Il y a aussi des avantages à donner le feu vert à l'utilisation des communications 5G pour les compagnies aériennes elles-mêmes. Elles peuvent réduire le poids des avions, par exemple, en supprimant les écrans de divertissement sur les appuie-têtes. Certains transporteurs, comme Alaska Airlines, proposent des supports à l'arrière des appuie-têtes où les passagers peuvent apposer leurs tablettes pour les utiliser avec le WiFi.

Des changements d’ici juillet 2023 pour les principales flottes commerciales

« À ce stade, on ne sait pas combien de compagnies aériennes mettront en œuvre la connectivité 5G dans leurs avions », a déclaré Dan Bieler. « Après tout, un avion est l'un des derniers endroits où l'on peut échapper au babillage de nombreux utilisateurs de smartphones ». « Les compagnies aériennes devront décider ce que l'expérience client signifie pour leurs passagers : la liberté et la tranquillité relative d'une zone sans connectivité ou la liberté de rester connecté à tout moment », ajoute-t-il. « Si elles optent pour cette dernière solution, les compagnies aériennes pourraient envisager de fournir des règles de base sur l'étiquette de l'utilisation des smartphones ».

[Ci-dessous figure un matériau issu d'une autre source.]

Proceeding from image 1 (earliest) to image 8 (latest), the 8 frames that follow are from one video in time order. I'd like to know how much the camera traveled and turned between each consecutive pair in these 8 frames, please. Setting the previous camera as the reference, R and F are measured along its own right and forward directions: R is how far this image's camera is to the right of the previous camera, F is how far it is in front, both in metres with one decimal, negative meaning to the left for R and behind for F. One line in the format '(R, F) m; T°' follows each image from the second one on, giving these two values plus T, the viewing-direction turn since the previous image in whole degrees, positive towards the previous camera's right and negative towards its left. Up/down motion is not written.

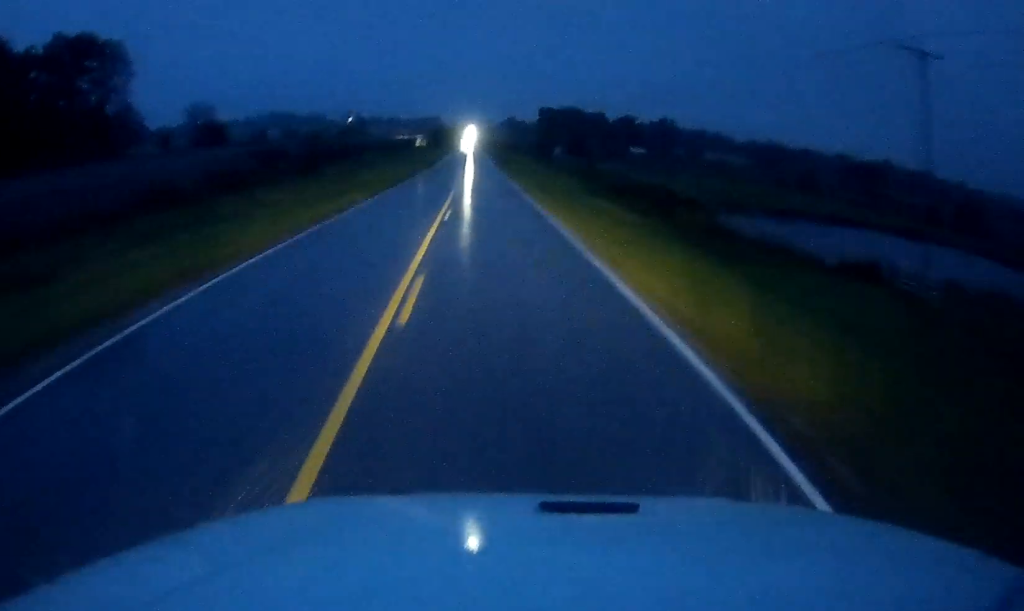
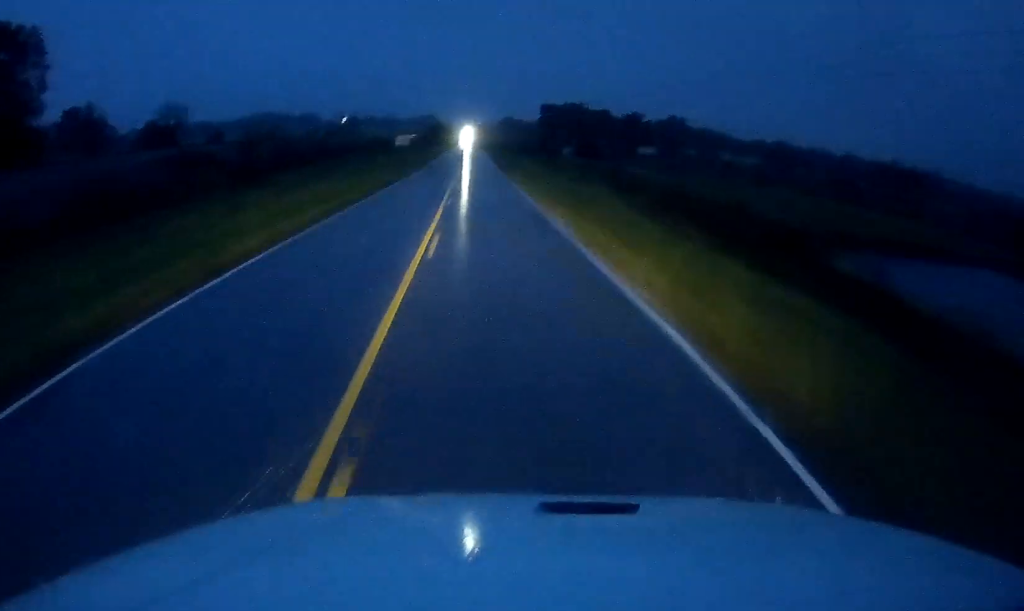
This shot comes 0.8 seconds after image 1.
(0.0, +19.0) m; 0°
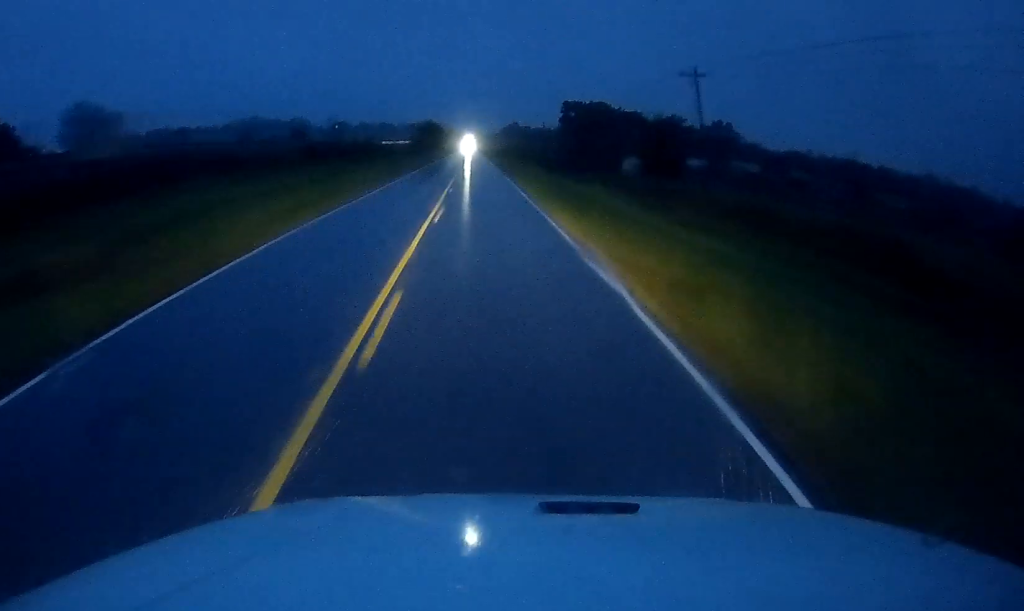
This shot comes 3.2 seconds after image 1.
(+0.6, +55.6) m; +1°
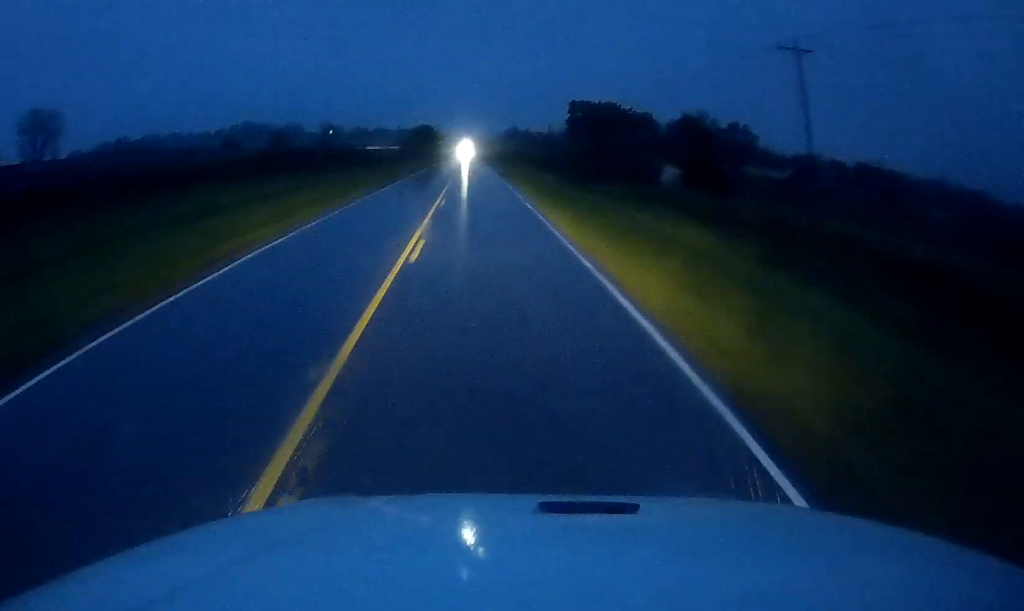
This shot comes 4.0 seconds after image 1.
(0.0, +18.5) m; -1°
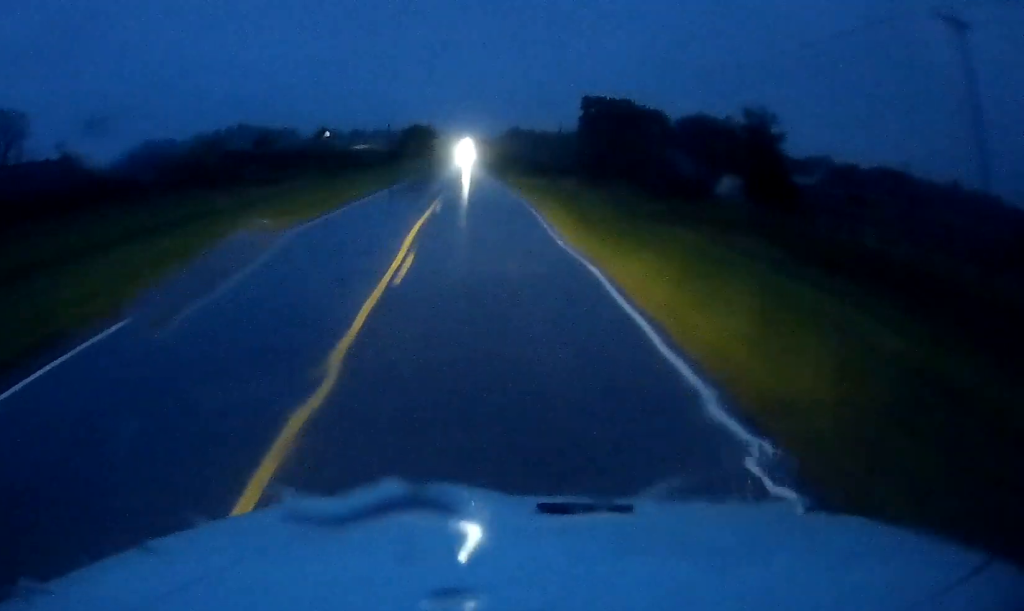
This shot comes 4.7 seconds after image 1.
(0.0, +14.5) m; 0°
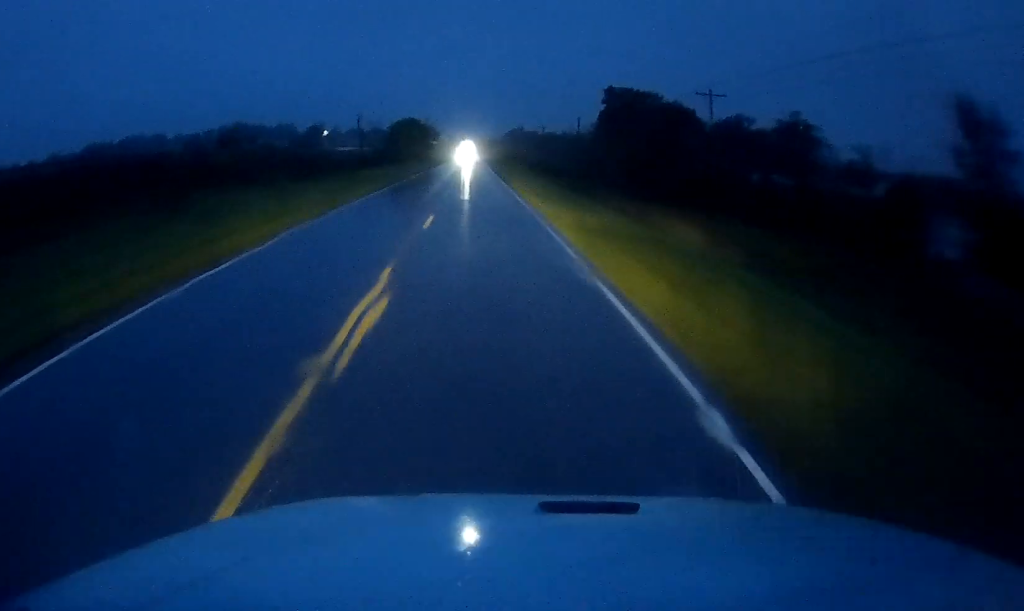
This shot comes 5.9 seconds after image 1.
(-0.1, +28.9) m; +1°
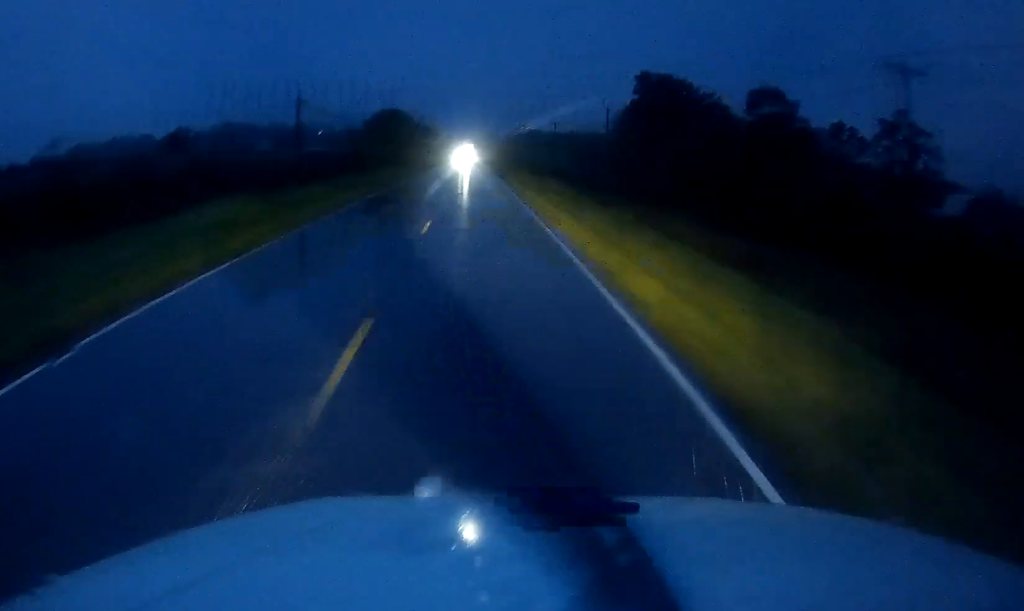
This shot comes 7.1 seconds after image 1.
(+0.3, +25.7) m; 0°
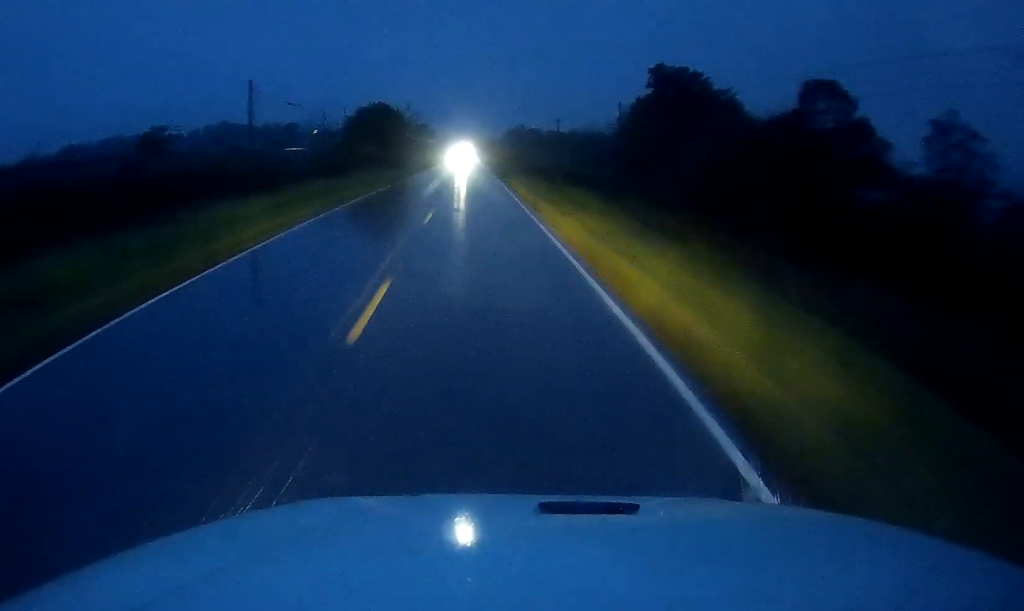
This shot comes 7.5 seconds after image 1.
(0.0, +9.8) m; 0°

En décembre 2021, la FCC a proposé l'accès aux services mobiles en vol pour tous les voyageurs, mais la décision de laisser les consommateurs accéder à leurs appareils mobiles pendant le vol sera à la seule discrétion de chaque compagnie aérienne. En juin, la FAA a mis à jour ses orientations pour dire que les flottes « commerciales principales » devraient être équipées d'altimètres améliorés ou de filtres 5G d'ici juillet 2023, après quoi les sociétés de téléphonie mobile devraient poursuivre le déploiement des réseaux 5G près de la plupart des aéroports « avec des restrictions minimales ». La FCC note dans une FAQ : « Si elles sont adoptées, [...] les nouvelles règles pourraient donner aux compagnies aériennes la possibilité d'installer un système d'accès aéroporté qui assurerait la connexion entre les appareils sans fil des passagers et les réseaux sans fil commerciaux, un peu comme le service WiFi est fourni aujourd'hui à bord des avions pour fournir des connexions à Internet et gérer les connexions en toute sécurité ».